> _Saved entries_:
-.-.-

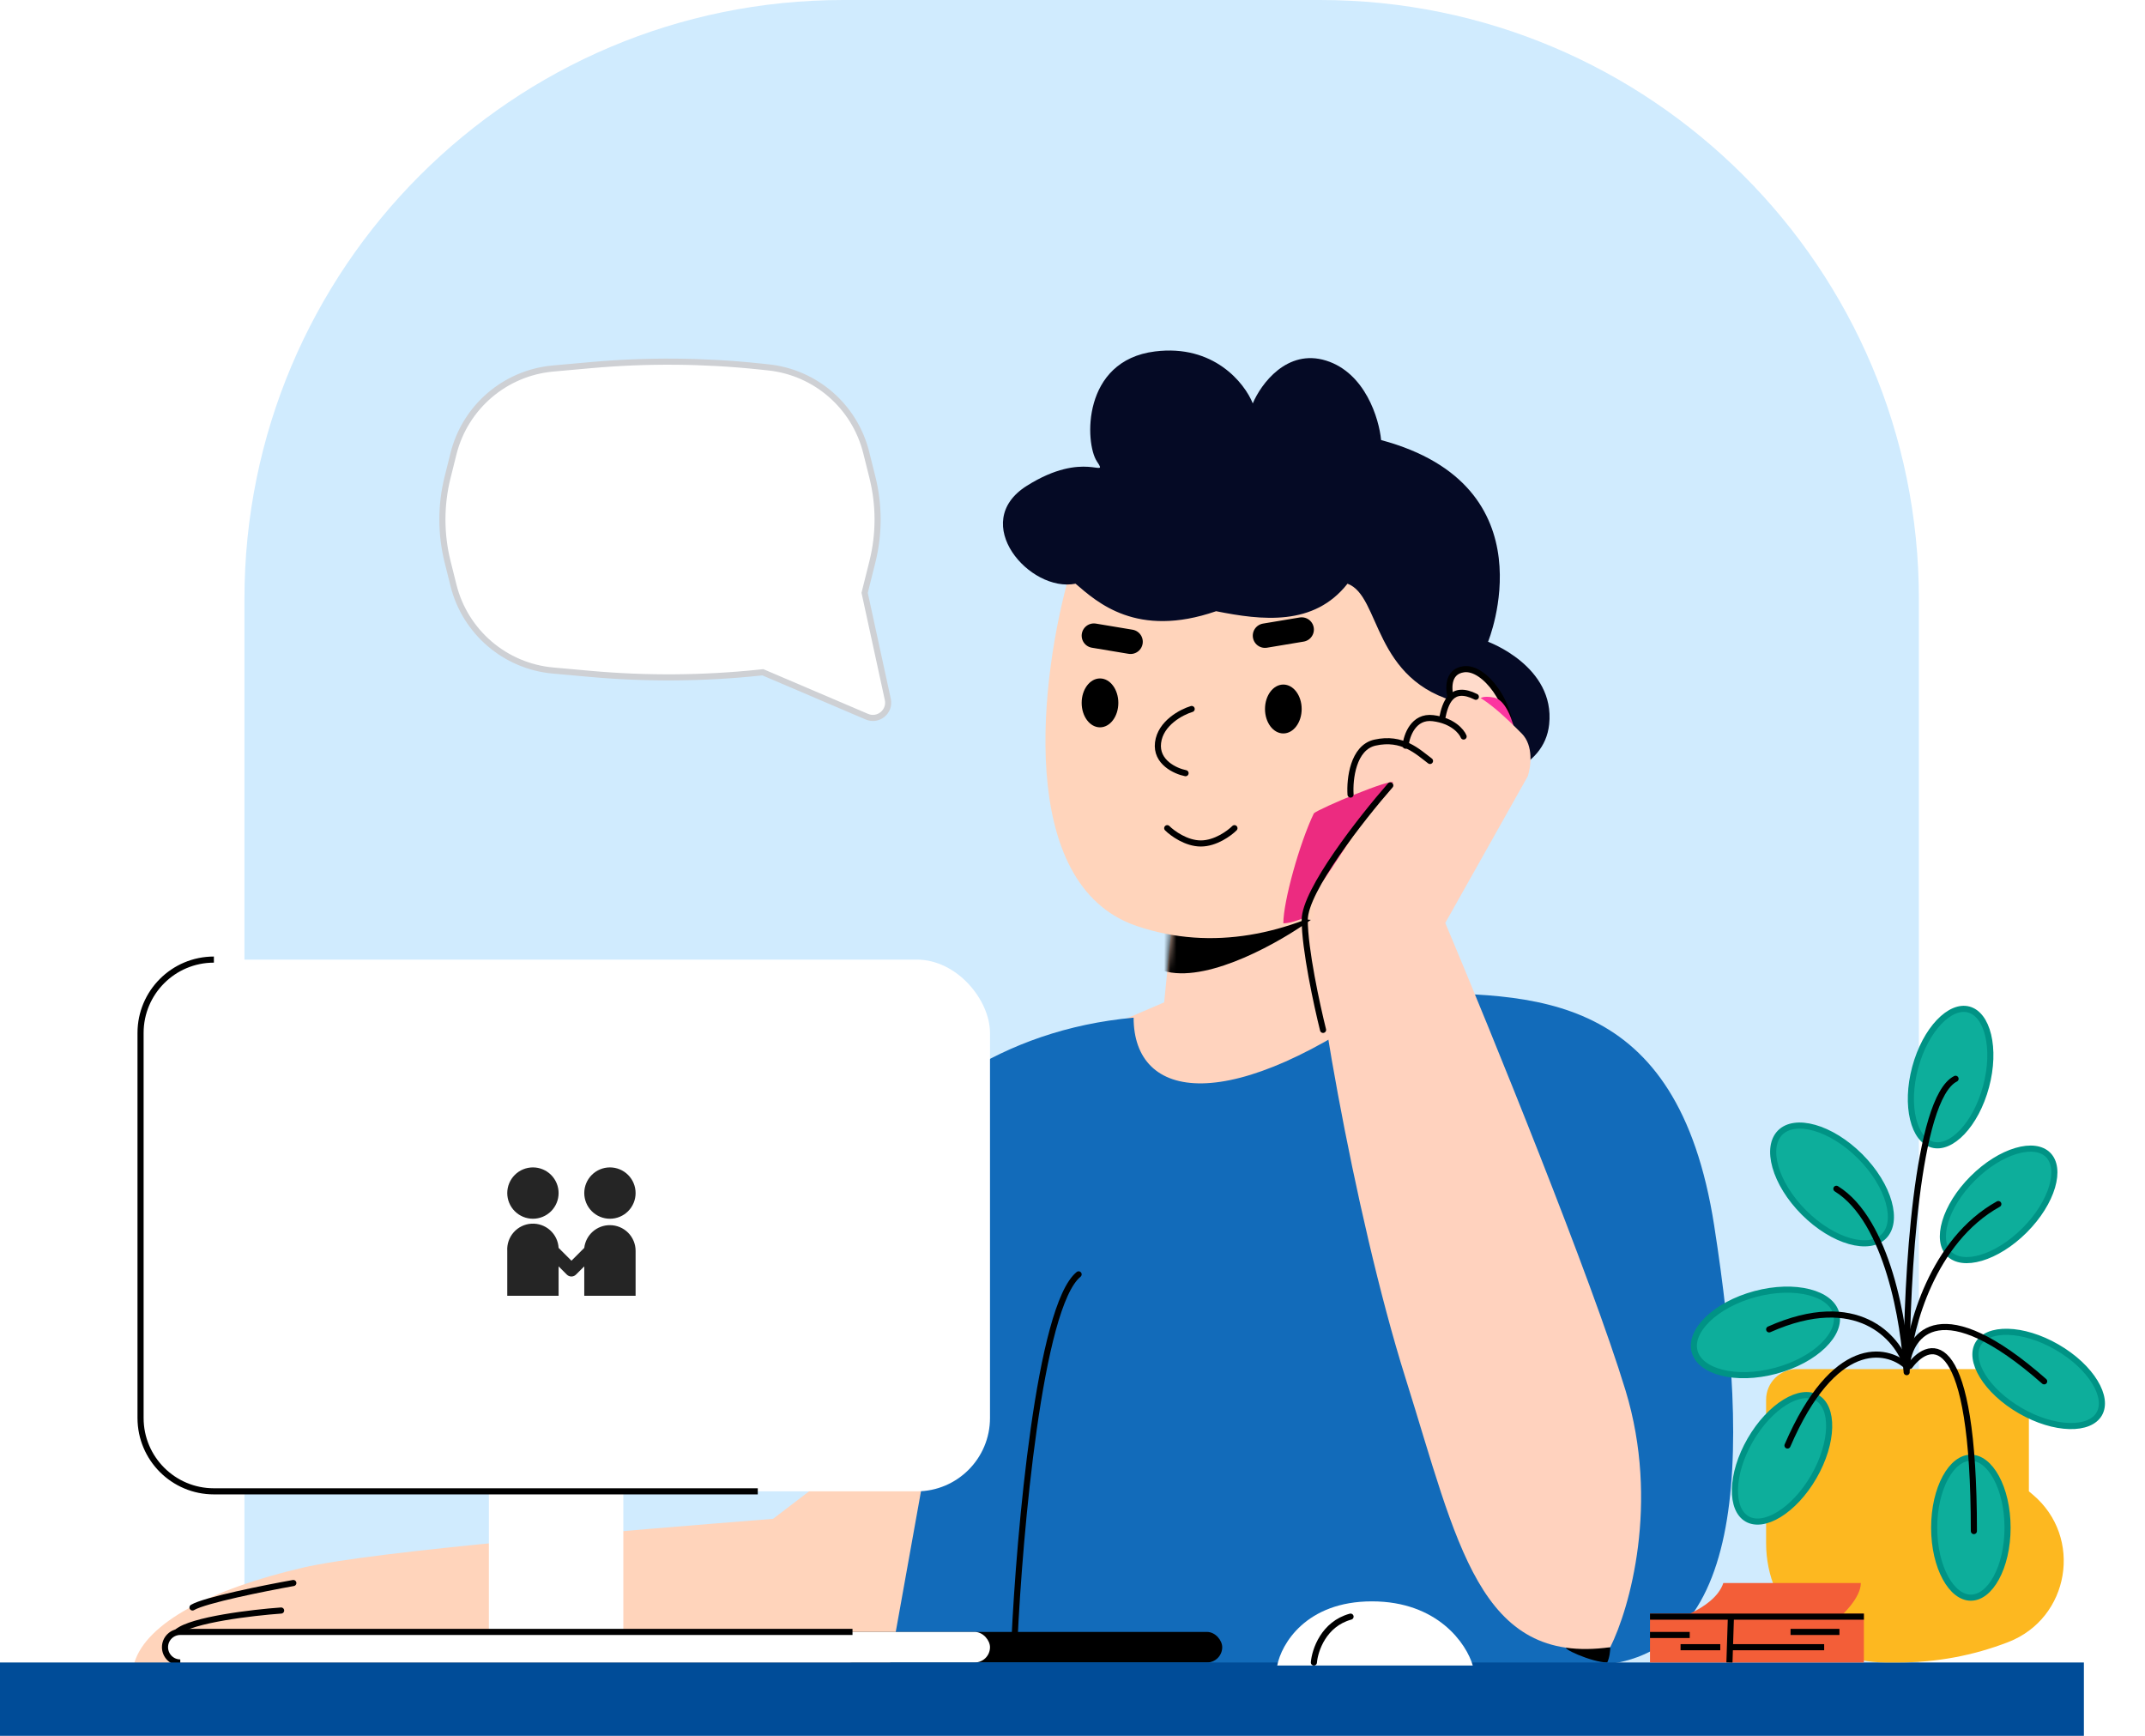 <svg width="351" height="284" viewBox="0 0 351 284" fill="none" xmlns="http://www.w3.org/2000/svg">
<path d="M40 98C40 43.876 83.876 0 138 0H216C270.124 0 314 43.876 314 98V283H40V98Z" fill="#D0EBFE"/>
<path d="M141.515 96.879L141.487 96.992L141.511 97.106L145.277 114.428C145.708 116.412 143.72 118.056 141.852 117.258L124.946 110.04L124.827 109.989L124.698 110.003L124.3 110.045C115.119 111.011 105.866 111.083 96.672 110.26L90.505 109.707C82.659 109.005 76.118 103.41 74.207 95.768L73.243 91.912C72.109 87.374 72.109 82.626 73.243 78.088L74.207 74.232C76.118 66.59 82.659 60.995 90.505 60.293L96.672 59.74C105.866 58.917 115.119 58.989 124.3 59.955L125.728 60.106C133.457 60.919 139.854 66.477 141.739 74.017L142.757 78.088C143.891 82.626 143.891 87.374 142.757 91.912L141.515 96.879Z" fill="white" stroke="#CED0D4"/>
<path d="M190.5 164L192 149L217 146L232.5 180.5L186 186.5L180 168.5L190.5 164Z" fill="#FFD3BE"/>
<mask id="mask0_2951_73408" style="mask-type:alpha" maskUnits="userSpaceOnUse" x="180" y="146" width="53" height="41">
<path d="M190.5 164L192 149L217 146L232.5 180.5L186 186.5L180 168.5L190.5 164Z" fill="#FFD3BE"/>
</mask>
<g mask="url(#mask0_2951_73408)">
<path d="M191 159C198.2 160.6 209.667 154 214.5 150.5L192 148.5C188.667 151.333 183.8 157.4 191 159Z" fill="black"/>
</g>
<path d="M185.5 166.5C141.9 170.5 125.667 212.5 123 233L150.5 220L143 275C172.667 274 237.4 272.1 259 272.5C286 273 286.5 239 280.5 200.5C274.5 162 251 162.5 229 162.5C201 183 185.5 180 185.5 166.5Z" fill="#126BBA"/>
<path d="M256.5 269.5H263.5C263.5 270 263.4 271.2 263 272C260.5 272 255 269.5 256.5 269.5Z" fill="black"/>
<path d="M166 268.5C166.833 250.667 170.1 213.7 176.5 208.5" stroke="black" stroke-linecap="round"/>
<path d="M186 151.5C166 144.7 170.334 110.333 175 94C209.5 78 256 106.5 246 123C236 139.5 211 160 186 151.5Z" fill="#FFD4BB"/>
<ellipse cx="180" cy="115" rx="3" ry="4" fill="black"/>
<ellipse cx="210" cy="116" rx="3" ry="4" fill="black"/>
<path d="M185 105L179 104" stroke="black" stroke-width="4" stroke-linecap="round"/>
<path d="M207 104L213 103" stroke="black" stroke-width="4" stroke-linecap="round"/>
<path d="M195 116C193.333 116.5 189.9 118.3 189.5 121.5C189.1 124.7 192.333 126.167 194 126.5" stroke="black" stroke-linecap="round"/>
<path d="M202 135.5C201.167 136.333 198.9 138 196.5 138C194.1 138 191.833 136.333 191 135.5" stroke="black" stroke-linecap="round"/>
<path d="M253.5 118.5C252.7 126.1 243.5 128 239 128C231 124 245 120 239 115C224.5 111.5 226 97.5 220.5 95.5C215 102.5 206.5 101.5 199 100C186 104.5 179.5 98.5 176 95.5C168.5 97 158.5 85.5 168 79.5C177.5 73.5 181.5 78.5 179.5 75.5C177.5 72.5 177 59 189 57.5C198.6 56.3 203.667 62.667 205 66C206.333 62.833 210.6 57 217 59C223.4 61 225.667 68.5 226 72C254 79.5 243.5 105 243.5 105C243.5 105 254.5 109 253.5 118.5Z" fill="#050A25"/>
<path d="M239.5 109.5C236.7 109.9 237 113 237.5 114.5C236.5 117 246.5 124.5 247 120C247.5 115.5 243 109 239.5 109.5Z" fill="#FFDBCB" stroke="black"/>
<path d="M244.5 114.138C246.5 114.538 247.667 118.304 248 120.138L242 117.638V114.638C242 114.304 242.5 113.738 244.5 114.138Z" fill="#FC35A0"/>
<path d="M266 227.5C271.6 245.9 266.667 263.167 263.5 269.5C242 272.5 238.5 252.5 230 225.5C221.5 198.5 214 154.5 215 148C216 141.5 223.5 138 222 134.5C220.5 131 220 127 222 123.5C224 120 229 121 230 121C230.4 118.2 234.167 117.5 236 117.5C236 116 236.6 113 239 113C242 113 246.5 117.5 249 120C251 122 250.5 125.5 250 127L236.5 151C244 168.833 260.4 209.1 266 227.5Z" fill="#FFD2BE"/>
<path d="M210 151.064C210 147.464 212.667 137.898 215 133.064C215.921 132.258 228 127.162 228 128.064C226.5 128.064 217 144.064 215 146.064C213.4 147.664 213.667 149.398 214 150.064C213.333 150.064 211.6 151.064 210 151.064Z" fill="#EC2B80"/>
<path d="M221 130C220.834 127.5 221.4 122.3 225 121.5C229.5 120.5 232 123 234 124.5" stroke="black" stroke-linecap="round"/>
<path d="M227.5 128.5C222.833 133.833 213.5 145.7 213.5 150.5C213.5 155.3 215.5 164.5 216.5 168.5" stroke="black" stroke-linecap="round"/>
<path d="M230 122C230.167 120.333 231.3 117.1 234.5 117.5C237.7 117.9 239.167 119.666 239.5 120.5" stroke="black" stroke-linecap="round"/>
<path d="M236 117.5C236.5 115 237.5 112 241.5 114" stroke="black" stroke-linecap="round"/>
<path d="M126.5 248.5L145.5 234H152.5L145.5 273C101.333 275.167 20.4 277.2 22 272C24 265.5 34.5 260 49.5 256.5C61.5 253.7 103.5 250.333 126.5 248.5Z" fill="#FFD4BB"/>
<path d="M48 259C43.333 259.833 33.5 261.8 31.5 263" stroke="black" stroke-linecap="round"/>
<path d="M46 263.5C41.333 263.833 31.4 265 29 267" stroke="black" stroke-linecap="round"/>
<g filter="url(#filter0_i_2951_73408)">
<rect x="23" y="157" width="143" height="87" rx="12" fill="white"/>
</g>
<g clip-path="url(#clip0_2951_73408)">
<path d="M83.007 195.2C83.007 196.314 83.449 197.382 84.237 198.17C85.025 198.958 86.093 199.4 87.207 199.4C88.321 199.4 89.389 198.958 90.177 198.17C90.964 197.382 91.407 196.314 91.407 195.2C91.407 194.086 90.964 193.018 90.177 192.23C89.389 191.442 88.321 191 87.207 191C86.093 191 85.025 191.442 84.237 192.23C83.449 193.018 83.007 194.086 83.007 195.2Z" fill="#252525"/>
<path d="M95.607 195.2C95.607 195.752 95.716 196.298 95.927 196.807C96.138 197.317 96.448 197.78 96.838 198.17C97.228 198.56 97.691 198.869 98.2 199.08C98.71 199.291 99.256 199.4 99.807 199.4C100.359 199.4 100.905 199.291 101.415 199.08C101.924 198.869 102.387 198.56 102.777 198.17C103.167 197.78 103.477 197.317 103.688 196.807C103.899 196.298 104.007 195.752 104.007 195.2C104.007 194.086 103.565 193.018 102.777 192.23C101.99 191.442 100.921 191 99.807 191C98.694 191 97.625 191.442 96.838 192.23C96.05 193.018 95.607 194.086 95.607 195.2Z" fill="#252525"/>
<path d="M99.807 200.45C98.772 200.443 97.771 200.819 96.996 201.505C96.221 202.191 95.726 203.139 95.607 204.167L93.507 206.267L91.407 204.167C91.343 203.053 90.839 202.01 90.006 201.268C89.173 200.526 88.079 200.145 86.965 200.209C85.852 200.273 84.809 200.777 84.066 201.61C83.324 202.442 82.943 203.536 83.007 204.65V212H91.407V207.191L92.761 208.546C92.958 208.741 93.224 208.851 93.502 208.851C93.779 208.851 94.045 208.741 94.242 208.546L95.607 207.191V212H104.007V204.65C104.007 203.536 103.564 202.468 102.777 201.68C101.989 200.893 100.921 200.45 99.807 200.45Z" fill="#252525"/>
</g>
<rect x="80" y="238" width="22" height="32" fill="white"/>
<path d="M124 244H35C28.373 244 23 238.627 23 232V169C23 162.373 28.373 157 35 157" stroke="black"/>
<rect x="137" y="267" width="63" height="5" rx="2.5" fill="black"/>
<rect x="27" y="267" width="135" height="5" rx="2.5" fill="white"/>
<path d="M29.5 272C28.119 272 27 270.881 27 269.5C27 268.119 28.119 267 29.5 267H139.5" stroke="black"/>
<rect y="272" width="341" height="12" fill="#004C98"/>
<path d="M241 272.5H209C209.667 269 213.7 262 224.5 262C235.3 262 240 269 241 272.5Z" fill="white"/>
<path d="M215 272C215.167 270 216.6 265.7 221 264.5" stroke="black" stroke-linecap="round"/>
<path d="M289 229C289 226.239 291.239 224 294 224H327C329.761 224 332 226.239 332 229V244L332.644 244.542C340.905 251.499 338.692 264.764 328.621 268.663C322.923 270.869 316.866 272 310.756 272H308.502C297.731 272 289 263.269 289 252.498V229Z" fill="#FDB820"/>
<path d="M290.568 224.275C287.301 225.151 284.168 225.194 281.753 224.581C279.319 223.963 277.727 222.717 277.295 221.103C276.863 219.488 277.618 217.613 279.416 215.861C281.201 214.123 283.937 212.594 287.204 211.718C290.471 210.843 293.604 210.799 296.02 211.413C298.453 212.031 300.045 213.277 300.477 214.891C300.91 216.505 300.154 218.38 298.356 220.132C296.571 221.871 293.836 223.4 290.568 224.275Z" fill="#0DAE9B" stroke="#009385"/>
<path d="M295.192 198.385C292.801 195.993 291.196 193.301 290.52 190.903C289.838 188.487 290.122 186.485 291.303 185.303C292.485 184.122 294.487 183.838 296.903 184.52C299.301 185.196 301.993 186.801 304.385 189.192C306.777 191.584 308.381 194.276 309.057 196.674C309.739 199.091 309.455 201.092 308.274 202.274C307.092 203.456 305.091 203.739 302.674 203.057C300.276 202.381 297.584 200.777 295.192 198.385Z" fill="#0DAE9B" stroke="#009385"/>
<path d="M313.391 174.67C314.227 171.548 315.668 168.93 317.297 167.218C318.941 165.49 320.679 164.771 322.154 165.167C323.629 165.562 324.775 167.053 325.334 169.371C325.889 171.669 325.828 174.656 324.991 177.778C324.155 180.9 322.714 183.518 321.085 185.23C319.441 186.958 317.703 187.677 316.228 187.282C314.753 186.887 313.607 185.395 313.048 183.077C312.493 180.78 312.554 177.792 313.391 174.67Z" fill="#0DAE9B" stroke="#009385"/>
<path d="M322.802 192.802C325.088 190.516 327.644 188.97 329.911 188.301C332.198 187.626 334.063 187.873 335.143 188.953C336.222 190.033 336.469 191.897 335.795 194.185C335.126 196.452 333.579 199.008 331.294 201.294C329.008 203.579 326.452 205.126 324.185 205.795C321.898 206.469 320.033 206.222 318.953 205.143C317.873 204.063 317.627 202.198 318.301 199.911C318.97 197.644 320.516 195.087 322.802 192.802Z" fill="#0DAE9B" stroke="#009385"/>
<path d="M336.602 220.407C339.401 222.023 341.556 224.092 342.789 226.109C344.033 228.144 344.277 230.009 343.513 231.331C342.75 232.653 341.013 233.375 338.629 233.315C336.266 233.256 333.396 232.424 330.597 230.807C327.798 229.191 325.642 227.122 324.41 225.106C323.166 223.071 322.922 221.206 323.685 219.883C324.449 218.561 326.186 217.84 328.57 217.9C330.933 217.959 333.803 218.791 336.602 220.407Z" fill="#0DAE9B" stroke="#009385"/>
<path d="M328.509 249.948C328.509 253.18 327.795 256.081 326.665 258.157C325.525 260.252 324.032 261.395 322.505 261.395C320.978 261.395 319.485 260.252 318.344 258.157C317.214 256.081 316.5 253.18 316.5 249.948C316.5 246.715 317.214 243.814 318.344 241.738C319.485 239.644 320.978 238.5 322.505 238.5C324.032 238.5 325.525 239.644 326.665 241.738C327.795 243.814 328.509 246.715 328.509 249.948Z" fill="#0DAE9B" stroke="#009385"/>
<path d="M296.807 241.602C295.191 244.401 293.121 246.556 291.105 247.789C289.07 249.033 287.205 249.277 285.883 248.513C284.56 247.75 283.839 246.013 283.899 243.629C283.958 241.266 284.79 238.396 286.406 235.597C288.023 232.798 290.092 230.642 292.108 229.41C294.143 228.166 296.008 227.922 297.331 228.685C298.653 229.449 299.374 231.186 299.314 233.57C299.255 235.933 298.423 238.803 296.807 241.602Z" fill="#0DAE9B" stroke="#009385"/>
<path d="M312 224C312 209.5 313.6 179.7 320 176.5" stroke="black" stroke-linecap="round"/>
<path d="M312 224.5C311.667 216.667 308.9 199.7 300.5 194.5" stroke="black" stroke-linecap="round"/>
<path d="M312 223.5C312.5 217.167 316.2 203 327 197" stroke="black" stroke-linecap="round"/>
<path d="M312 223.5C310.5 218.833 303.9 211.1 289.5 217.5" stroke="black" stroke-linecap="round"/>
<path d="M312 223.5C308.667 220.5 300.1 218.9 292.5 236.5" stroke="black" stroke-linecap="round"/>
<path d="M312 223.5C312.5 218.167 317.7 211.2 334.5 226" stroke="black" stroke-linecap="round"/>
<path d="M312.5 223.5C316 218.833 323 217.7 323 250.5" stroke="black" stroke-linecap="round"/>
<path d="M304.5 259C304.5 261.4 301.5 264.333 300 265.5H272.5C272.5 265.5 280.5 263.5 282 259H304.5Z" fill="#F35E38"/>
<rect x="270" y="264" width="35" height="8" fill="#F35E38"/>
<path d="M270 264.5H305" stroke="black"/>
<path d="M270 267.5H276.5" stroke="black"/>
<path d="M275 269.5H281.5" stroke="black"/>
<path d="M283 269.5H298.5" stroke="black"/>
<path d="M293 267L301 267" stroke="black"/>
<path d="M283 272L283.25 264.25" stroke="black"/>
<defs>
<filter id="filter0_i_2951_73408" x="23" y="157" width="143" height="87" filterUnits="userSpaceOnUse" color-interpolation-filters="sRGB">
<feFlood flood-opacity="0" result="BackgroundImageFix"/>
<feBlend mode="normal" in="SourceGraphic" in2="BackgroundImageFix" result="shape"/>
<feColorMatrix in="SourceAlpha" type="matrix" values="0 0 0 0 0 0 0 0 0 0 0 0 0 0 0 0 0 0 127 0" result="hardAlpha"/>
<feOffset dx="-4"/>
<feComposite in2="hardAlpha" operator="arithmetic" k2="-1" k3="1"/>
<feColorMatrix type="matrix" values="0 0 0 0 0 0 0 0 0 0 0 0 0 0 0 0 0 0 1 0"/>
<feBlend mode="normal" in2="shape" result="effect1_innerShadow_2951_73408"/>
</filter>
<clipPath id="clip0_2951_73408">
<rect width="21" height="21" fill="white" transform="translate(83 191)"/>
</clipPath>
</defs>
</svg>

-.-.-

> _What you should do_:
Starting at the line above that contains "192.802C325.088 190.516 327.644", repeat each line exactly up to and including the line that contains "220.407C339.401 222.023 341.556", and stop there.

> _Result of this exercise_:
<path d="M322.802 192.802C325.088 190.516 327.644 188.97 329.911 188.301C332.198 187.626 334.063 187.873 335.143 188.953C336.222 190.033 336.469 191.897 335.795 194.185C335.126 196.452 333.579 199.008 331.294 201.294C329.008 203.579 326.452 205.126 324.185 205.795C321.898 206.469 320.033 206.222 318.953 205.143C317.873 204.063 317.627 202.198 318.301 199.911C318.97 197.644 320.516 195.087 322.802 192.802Z" fill="#0DAE9B" stroke="#009385"/>
<path d="M336.602 220.407C339.401 222.023 341.556 224.092 342.789 226.109C344.033 228.144 344.277 230.009 343.513 231.331C342.75 232.653 341.013 233.375 338.629 233.315C336.266 233.256 333.396 232.424 330.597 230.807C327.798 229.191 325.642 227.122 324.41 225.106C323.166 223.071 322.922 221.206 323.685 219.883C324.449 218.561 326.186 217.84 328.57 217.9C330.933 217.959 333.803 218.791 336.602 220.407Z" fill="#0DAE9B" stroke="#009385"/>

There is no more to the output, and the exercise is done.